The answer should be one number, the count of lines in the data with "between".

* _Records for the task_
════════════════════

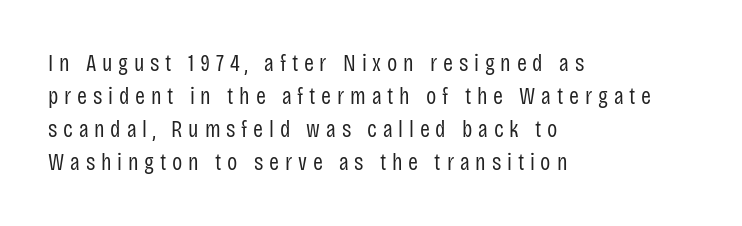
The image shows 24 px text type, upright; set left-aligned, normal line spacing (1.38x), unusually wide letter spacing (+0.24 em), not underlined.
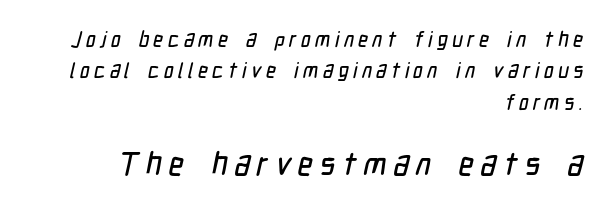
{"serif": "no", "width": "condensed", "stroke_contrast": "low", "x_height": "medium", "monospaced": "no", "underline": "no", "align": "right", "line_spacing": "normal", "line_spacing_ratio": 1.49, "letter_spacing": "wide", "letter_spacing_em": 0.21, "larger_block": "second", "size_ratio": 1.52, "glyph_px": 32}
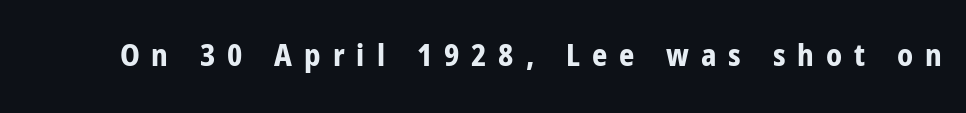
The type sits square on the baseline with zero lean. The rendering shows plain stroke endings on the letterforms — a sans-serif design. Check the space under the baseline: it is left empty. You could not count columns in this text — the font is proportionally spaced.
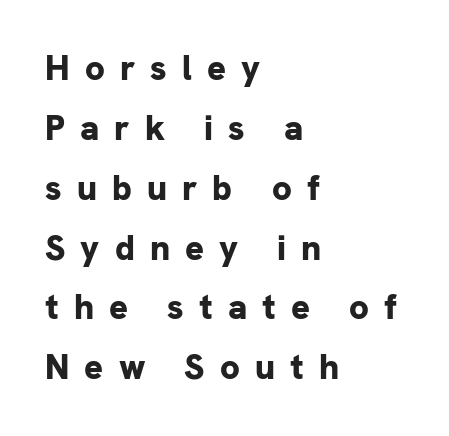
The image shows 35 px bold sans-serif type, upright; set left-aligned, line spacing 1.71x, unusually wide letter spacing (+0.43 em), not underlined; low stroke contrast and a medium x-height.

════════════════════

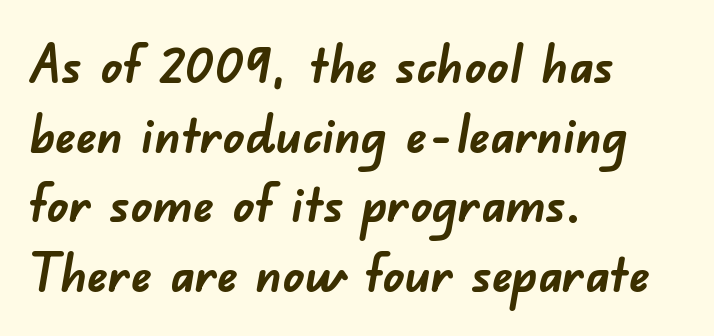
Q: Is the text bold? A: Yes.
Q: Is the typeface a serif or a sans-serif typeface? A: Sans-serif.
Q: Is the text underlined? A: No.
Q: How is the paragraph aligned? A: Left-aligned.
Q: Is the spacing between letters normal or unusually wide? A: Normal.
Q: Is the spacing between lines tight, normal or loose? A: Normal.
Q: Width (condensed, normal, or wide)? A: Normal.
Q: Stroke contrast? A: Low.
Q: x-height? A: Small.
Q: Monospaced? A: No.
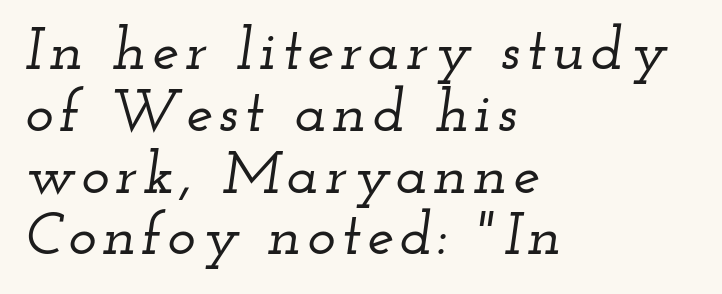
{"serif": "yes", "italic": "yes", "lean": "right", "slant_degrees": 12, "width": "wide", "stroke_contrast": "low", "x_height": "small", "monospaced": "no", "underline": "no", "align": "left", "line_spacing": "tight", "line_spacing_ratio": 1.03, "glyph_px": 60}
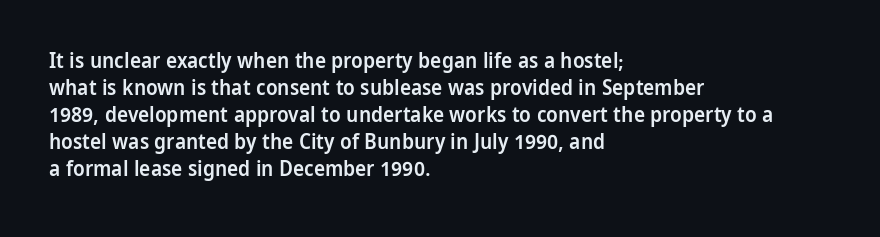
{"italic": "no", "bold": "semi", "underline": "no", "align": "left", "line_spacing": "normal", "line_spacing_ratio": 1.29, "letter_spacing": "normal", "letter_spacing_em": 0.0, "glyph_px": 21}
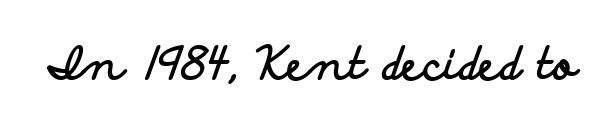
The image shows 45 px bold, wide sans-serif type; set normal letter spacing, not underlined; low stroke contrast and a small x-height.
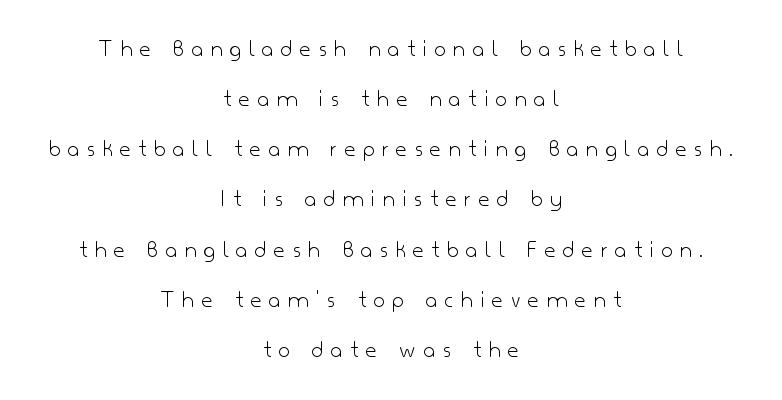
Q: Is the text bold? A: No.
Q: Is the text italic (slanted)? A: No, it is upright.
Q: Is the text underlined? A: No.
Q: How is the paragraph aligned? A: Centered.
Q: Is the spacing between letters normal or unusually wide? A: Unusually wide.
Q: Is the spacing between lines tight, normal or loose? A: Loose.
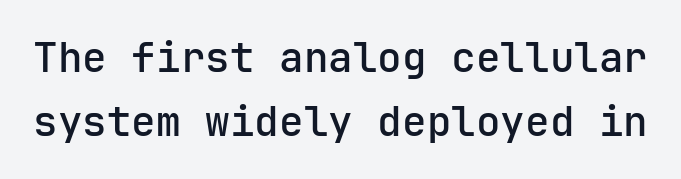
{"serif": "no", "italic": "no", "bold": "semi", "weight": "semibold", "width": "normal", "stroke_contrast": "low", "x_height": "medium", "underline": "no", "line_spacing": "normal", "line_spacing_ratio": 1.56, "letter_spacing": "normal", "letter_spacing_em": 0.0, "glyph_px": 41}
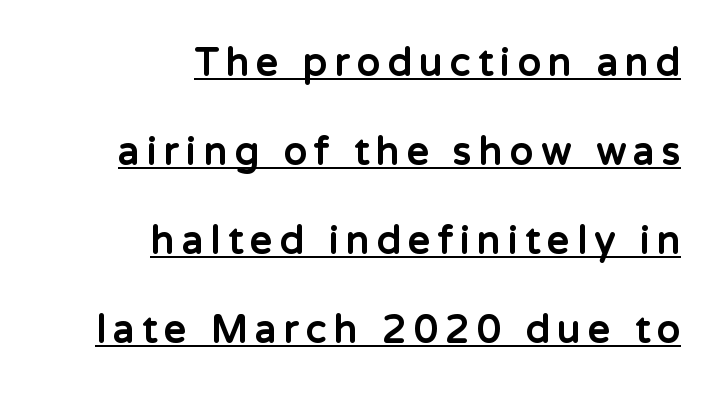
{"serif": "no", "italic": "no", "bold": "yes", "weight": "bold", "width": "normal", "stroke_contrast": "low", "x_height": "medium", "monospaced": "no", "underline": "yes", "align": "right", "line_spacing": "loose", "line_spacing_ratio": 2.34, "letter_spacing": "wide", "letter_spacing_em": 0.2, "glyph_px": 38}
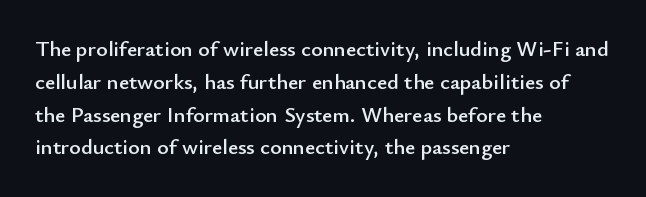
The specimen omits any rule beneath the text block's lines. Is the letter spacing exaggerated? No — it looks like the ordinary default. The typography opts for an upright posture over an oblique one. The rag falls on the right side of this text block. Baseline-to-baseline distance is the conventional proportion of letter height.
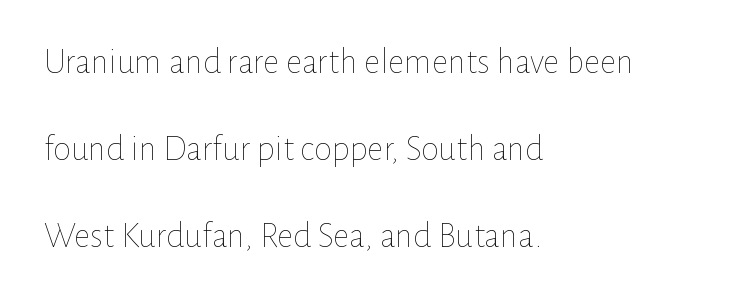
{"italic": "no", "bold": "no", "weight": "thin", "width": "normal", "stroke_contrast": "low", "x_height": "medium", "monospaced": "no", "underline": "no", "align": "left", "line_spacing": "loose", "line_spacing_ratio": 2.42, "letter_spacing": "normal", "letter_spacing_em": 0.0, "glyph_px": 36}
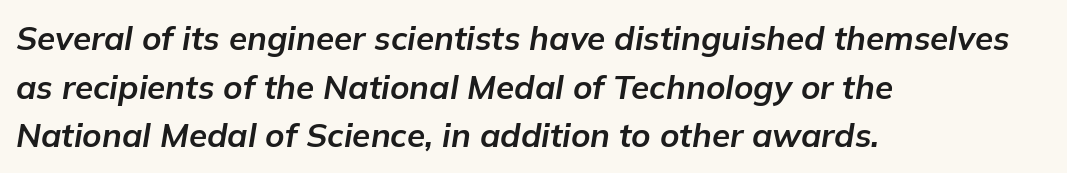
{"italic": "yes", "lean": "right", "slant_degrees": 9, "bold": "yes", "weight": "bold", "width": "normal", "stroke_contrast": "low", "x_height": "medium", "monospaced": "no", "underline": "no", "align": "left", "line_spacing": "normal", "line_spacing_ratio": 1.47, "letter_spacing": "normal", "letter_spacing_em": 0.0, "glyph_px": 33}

════════════════════

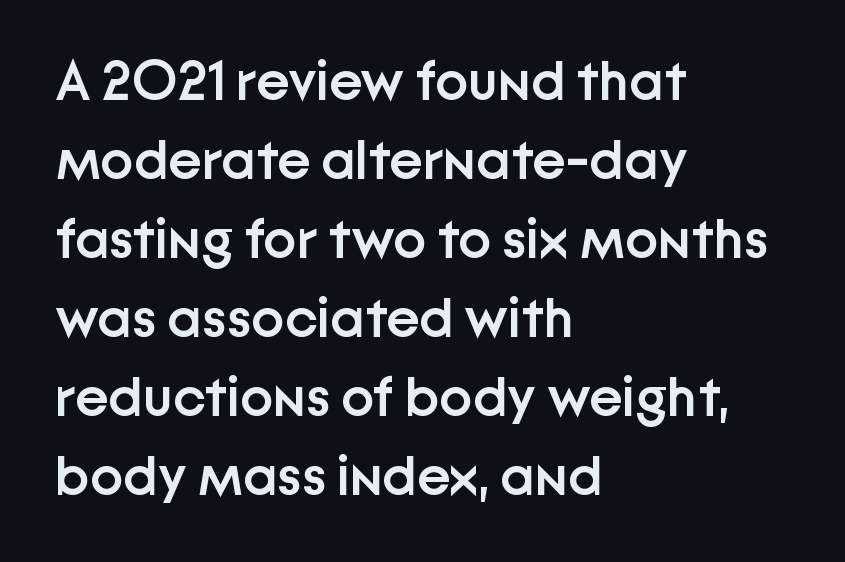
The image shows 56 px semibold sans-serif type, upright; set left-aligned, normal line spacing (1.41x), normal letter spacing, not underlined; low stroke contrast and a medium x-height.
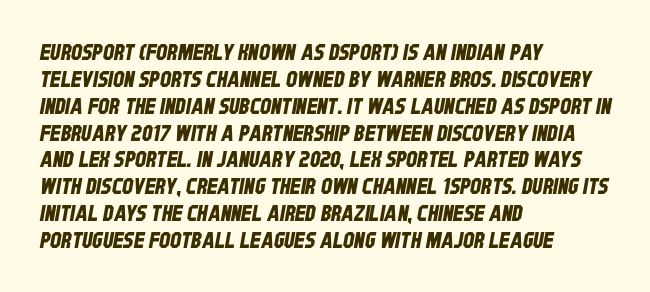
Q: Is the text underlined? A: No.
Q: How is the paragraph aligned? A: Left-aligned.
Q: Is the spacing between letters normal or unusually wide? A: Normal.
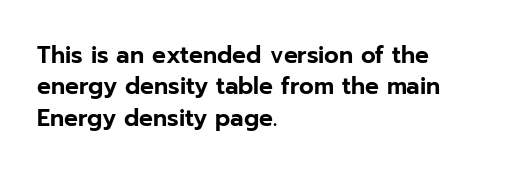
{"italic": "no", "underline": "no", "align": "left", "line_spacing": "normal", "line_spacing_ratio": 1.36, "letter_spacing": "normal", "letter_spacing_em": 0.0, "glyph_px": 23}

════════════════════

* _Response area_
5